Once the line with "One-word summary of" is reached, output it and every line after it, exactly, through the end of the records below. Pictures are skipped.

Extracted data entries
:::

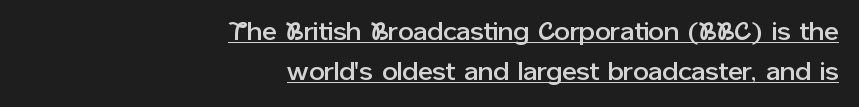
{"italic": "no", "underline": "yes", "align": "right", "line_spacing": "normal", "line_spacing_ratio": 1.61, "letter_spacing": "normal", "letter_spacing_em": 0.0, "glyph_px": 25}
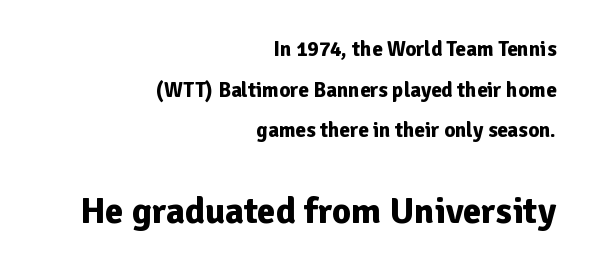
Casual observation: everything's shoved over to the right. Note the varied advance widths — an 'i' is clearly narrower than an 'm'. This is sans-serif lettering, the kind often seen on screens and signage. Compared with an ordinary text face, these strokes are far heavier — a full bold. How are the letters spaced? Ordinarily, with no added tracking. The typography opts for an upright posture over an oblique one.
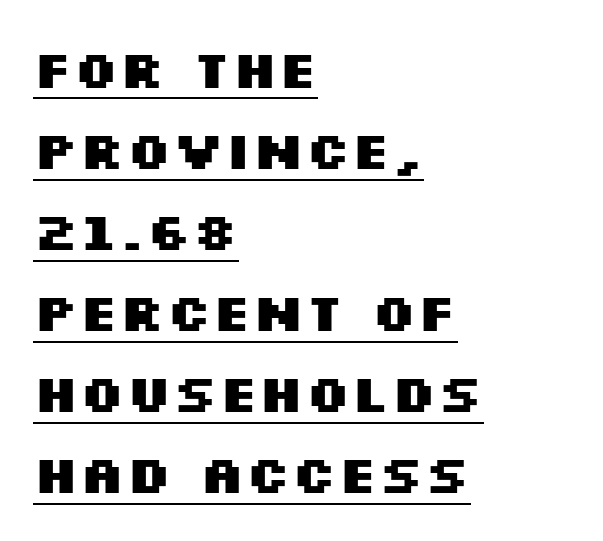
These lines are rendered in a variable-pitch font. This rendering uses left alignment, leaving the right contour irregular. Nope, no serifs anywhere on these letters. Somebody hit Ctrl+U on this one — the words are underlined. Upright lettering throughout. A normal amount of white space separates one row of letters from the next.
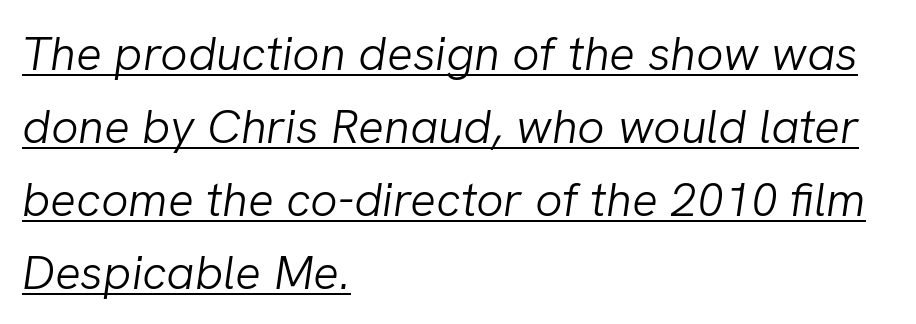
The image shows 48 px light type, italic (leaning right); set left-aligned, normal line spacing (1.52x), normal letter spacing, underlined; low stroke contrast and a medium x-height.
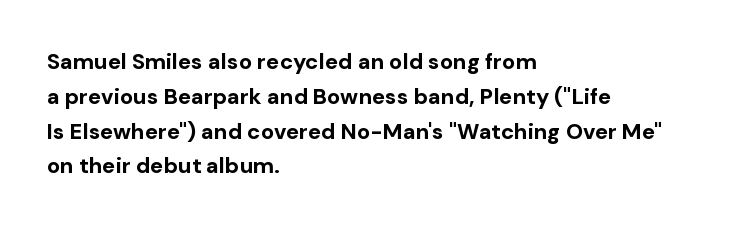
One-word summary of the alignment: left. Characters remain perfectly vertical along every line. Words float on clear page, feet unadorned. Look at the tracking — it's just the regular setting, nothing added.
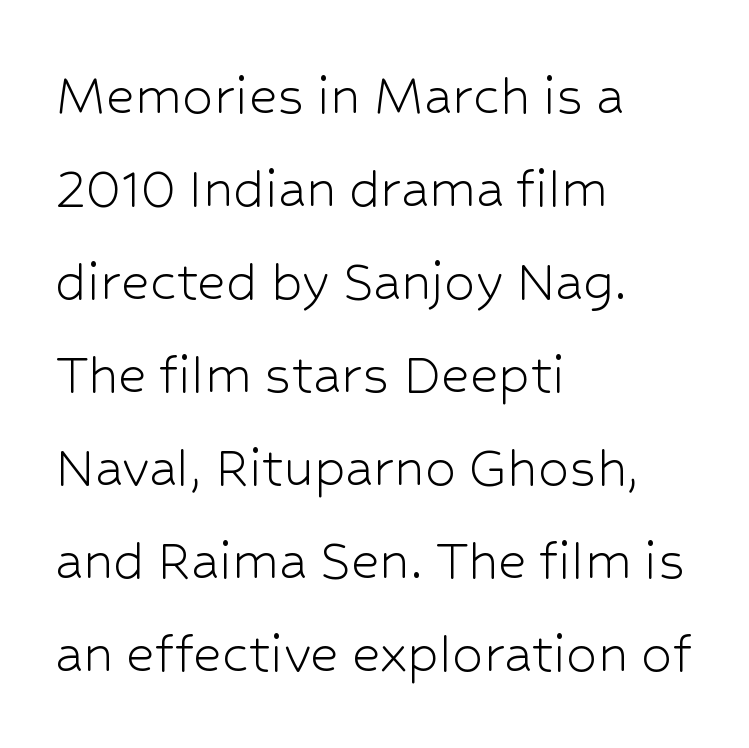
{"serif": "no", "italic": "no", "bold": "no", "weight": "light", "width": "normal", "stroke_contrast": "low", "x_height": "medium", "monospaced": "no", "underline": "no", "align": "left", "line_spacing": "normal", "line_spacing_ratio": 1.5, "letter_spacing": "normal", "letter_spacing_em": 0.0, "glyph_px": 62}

:::

▶ [Reply to the task]:
One-word summary of the alignment: left. Characters remain perfectly vertical along every line. Words float on clear page, feet unadorned. Look at the tracking — it's just the regular setting, nothing added.
{"serif": "no", "italic": "no", "bold": "no", "weight": "light", "width": "normal", "stroke_contrast": "low", "x_height": "medium", "monospaced": "no", "underline": "no", "align": "left", "line_spacing": "normal", "line_spacing_ratio": 1.5, "letter_spacing": "normal", "letter_spacing_em": 0.0, "glyph_px": 62}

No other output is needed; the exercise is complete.